MATERIAL TO PROCESS Block Start

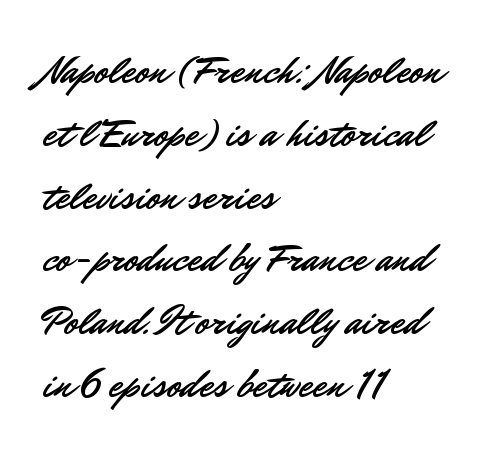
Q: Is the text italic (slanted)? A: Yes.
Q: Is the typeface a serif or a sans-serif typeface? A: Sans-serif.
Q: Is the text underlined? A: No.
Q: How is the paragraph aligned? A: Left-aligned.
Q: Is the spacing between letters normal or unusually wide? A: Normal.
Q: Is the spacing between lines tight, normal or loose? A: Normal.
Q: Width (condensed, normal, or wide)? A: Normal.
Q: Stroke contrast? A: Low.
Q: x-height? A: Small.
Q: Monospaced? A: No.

MATERIAL TO PROCESS Block End
MATERIAL TO PROCESS Block Start

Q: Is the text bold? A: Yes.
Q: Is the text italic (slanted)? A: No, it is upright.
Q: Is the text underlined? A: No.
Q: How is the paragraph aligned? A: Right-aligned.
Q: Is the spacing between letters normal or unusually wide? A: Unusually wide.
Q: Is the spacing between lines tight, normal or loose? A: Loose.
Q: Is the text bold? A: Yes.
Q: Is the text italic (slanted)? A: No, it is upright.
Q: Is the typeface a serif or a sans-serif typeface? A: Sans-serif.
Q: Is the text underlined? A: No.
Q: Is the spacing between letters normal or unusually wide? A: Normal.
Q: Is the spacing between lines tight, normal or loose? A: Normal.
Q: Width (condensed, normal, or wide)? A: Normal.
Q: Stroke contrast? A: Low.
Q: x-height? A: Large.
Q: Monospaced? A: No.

MATERIAL TO PROCESS Block End

**WHAT YOU NEED TO DO**
A single number is the whole answer: please count how many lines of the records above include the string "paragraph".

**WRITTEN REPLY**
2